Dans le nouvel observateur du 13 décembre dernier, un article est paru sous le titre :
« Avec mon père, ça dure depuis 15 ans. On est amoureux »
Il nous est retracé dans cet article de Doan Bui l’histoire d’un homme qui couchait régulièrement avec ses filles. Il a fini par en prendre une pour sa favorite avec qui il a eu d'ailleurs un enfant aujourd'hui âgé de 10 ans.
Ils vivent ensembles.
Cet homme a comparu devant la cour d'assises d'appel d’Amiens, ou toute la famille s'est retrouvée, sauf la mère, pour venir expliquer à quel point c'était le bonheur parfait dans cette maisonnée, et qu'il n'y avait jamais eu la moindre contrainte, même si certaines dépositions des filles laissent penser le contraire.
Le père ira même jusqu’à expliquer qu'il continuait à coucher avec ses autres filles pour ne pas qu'elles se sentent délaissées, même s'il n'était pas amoureux d'elles.
Une fois encore, cette histoire pose le difficile problème du consentement de mineurs à des relations sexuelles alors qu'ils sont très jeunes.
Alors que notre droit français protège les mineurs contre leurs agissements positifs, rien n'est fait pour les protéger de ce qu'il pourrait éventuellement subir.
Il suffit de faire état du consentement du mineur pour que l'infraction tombe. Certes, il existe l’ infraction d’atteintes sexuelles sur mineur de 15 ans, qui doit automatiquement générer une déclaration de culpabilité et une peine.
Cela fait bientôt 20 ans que je milite en faveur d'une modification radicale de la législation en matière de viol et d'agressions sexuelles sur mineur.
Le problème est aujourd'hui strictement technique. Dans la mesure où la minorité de 15 ans est une circonstance aggravante du délit d’agression sexuelle ou du crime de viol, il n'est pas possible d'en faire un élément constitutif de l'infraction.
Autrement dit, le jeune âge de l'enfant n'est pas en soi la démonstration d'une absence de consentement. Pourtant, dans de nombreuses autres matières, l'enfant est a priori considérée comme n'étant pas en mesure de valablement donner son consentement, par exemple pour signer un contrat qui l’engagerait.
Il faudrait donc modifier la loi pour dire que tout acte de pénétration sexuelle sur un mineur de moins de 15 ans est un viol. La définition de l'infraction comporterait en soit la contrainte et il ne serait alors plus nécessaire de démontrer l'absence de consentement.
De surcroît, ce débat sur l’absence de consentement est souvent vécue comme une terrible épreuve par les victimes dans le cadre des procès de leurs agresseurs.

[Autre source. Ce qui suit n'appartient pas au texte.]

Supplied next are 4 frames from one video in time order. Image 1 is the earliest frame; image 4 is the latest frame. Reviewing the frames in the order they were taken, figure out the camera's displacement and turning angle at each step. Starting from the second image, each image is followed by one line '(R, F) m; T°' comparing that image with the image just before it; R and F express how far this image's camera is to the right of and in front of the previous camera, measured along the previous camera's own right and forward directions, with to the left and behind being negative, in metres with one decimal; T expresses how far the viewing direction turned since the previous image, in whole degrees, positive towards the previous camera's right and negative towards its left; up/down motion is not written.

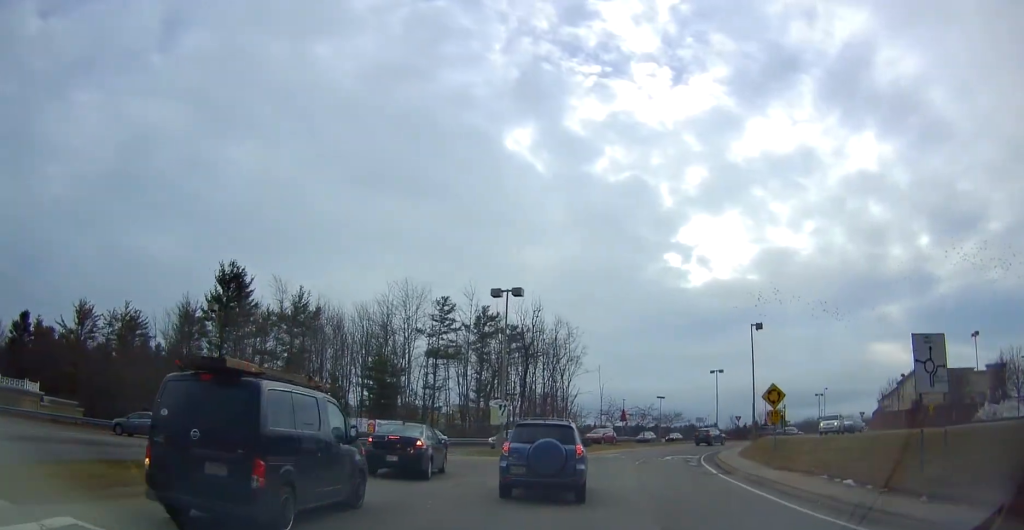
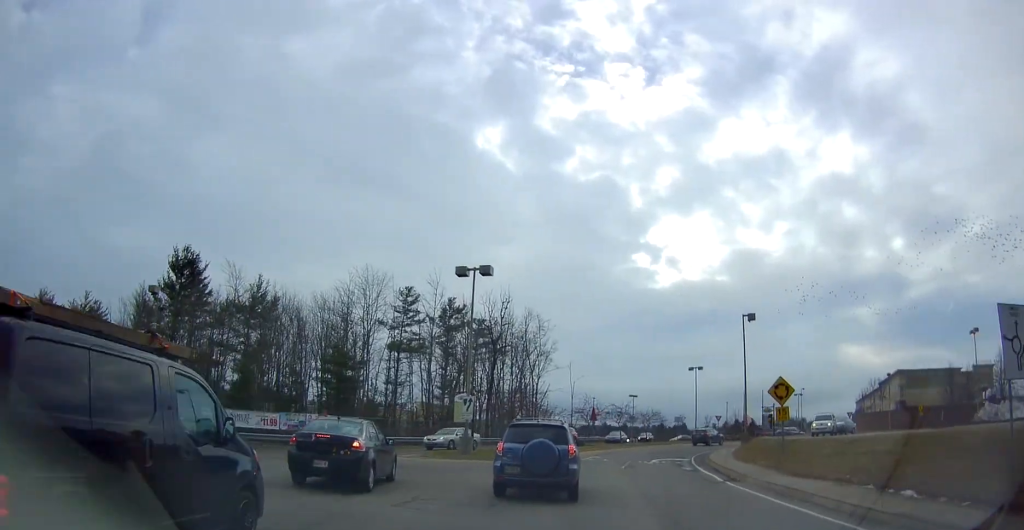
(-0.1, +4.2) m; +3°
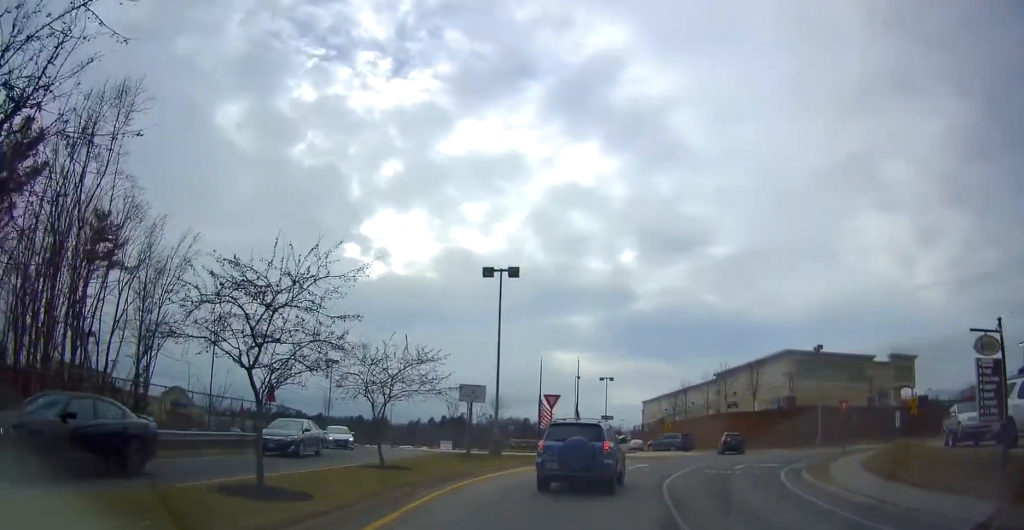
(+9.3, +42.7) m; +29°
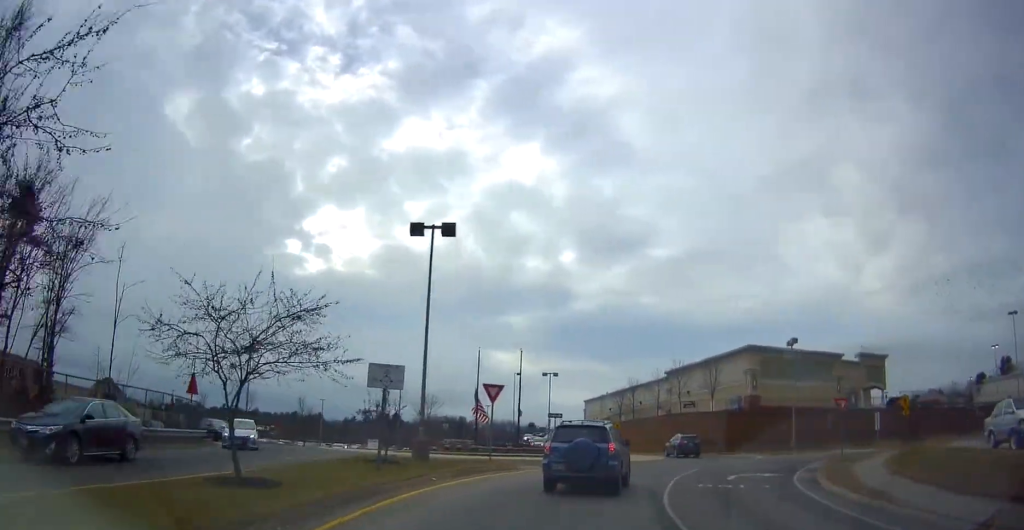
(+0.8, +5.9) m; +8°
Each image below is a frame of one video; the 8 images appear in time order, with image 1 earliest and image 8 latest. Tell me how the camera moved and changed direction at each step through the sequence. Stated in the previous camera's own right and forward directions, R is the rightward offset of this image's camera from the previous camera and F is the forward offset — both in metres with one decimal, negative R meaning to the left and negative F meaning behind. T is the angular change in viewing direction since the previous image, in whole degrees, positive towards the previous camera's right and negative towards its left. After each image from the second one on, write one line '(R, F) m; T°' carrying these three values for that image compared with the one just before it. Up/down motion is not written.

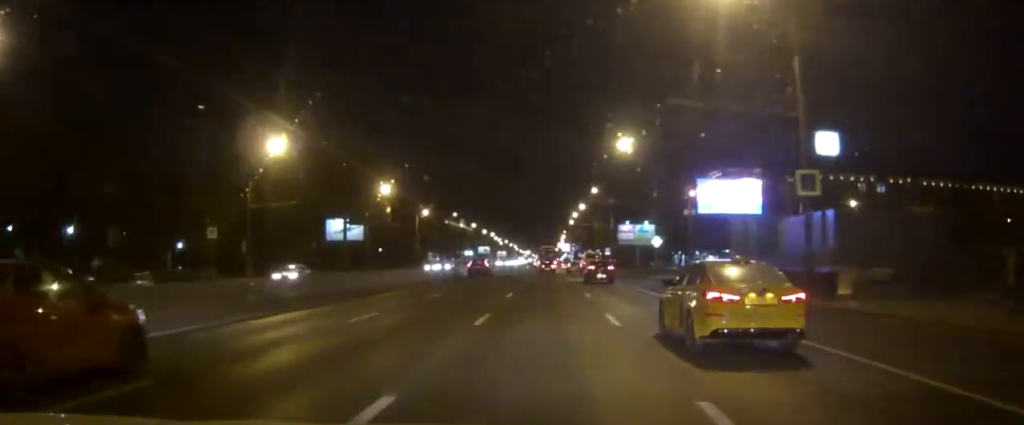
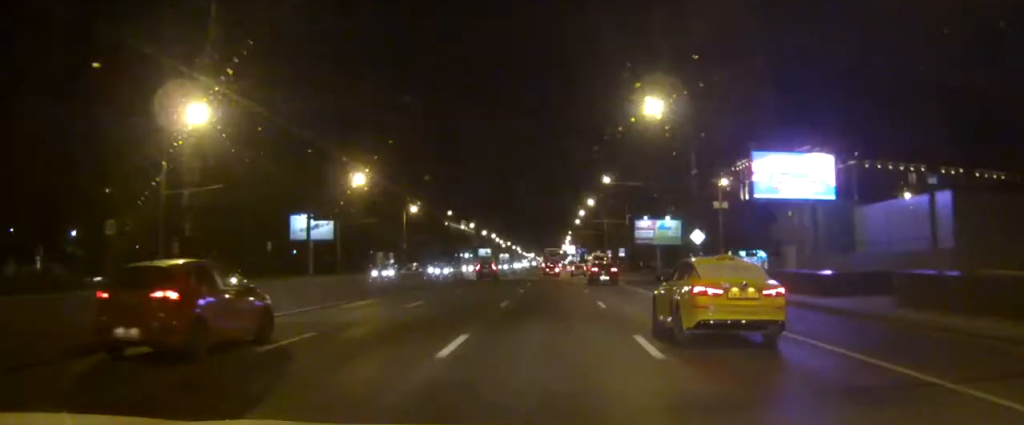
(0.0, +18.2) m; 0°
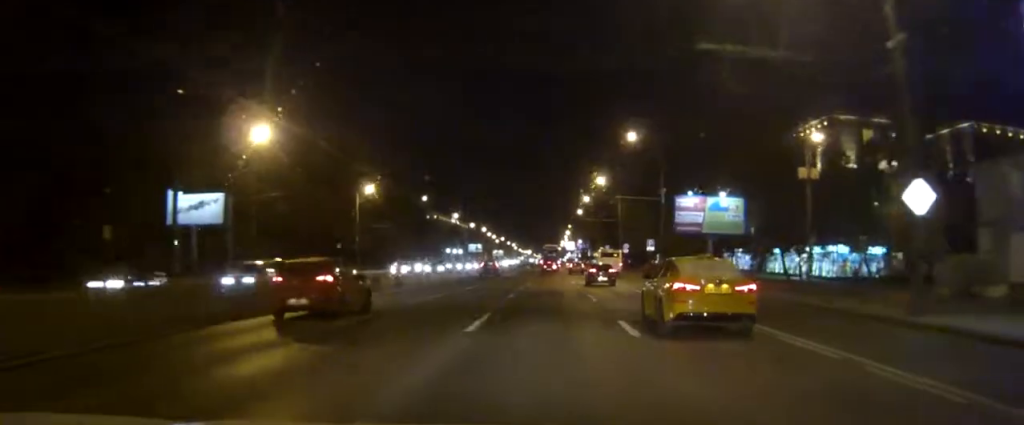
(+0.1, +32.8) m; 0°
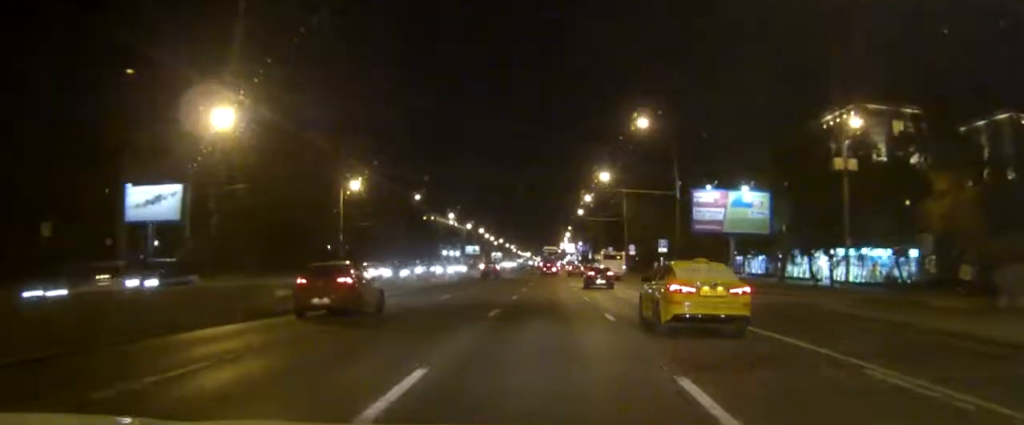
(0.0, +8.0) m; 0°
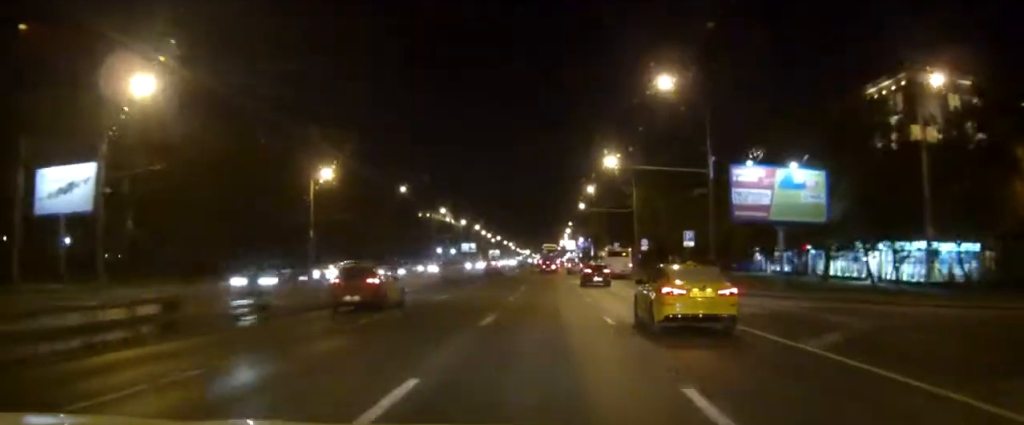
(0.0, +12.5) m; 0°
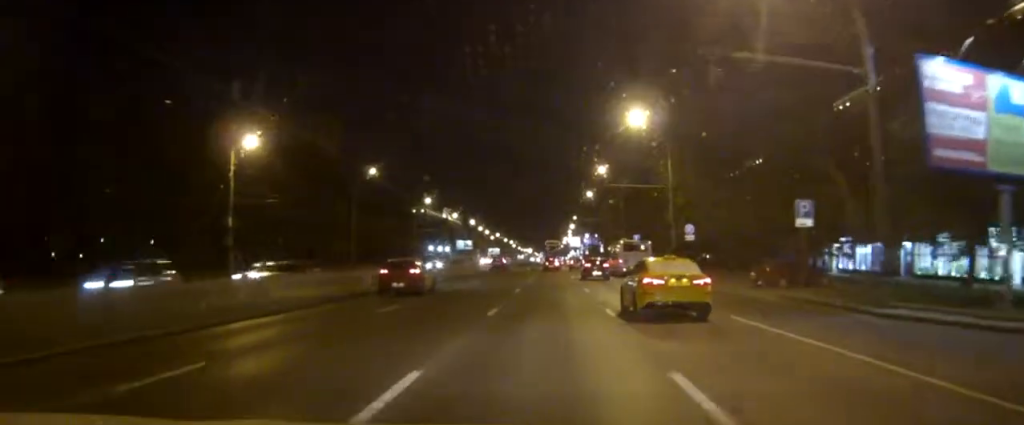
(0.0, +23.7) m; 0°
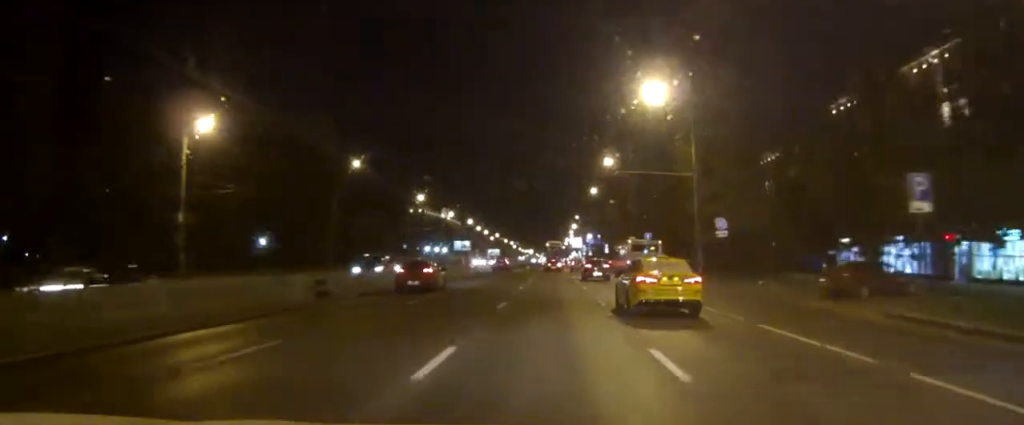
(0.0, +9.6) m; 0°
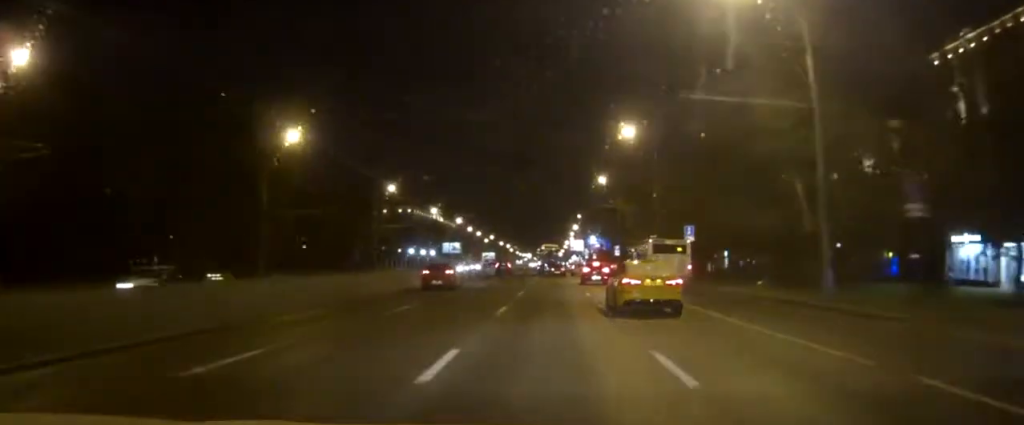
(-0.1, +24.1) m; 0°

De nombreux pays ont d'ores et déjà opté pour cette méthode de protection des enfants mineurs face aux prédateurs sexuels. La France a tenté d'inscrire dans son code pénal l'inceste en tant que tel, mais le conseil constitutionnel a considéré que les dispositions légales promulguées étaient trop floues pour pouvoir être valablement maintenus dans notre arsenal législatif.

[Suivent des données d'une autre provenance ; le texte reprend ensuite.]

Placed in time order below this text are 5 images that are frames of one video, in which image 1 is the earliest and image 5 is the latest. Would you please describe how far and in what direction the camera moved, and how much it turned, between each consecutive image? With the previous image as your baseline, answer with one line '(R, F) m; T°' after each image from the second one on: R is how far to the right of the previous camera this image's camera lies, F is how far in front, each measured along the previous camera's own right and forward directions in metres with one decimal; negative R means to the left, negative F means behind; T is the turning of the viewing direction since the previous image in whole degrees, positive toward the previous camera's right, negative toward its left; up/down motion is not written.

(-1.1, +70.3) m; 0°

Mais il suffit d'imaginer l'espace d'un instant ce que pouvait être le quotidien de cette famille pour considérer qu'il est impossible de laisser perdurer de tels comportements sans que les mineurs puissent être protégés, y compris contre eux-mêmes, lorsque l'emprise est tellement forte qu'ils n'ont aucune conscience de la situation dans laquelle ils se trouvent véritablement.
Que va-t-on dire à cet enfant, né d'un inceste, et qu'elle va être sa réaction lorsqu'il saura que son père et son grand-père sont une seule et même personne ?

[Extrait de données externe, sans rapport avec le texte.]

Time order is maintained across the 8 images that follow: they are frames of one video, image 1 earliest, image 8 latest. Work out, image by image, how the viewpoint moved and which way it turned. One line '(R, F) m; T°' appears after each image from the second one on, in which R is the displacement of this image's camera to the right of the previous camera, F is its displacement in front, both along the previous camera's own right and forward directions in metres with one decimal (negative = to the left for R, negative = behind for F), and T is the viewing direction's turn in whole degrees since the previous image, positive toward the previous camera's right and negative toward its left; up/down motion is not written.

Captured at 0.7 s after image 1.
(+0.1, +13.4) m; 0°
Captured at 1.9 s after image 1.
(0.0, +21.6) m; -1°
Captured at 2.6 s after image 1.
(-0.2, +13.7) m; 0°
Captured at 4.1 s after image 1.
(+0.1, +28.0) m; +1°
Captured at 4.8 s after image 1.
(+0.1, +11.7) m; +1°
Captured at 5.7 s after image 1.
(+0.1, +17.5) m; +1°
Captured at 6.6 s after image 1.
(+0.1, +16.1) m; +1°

Qu'en est-il de son avenir, de sa capacité à lui-même fonder une famille ?
L'inceste a toujours été considéré comme un tabou majeur de nos sociétés, tout simplement parce que la permission de l'inceste confine à la destruction d'une civilisation.
Cet homme a été, certes, déclaré coupable des faits qui lui étaient reprochés mais condamnés à quatre ans d'emprisonnement dont trois ans avec sursis, la peine ferme devant vraisemblablement couvrir la détention provisoire qu'il avait peut-être faite.
Je ne comprendrais jamais comment la législation française protége d'une manière aussi efficace le portefeuille de ses citoyens, mais si mal la vertu de ses enfants.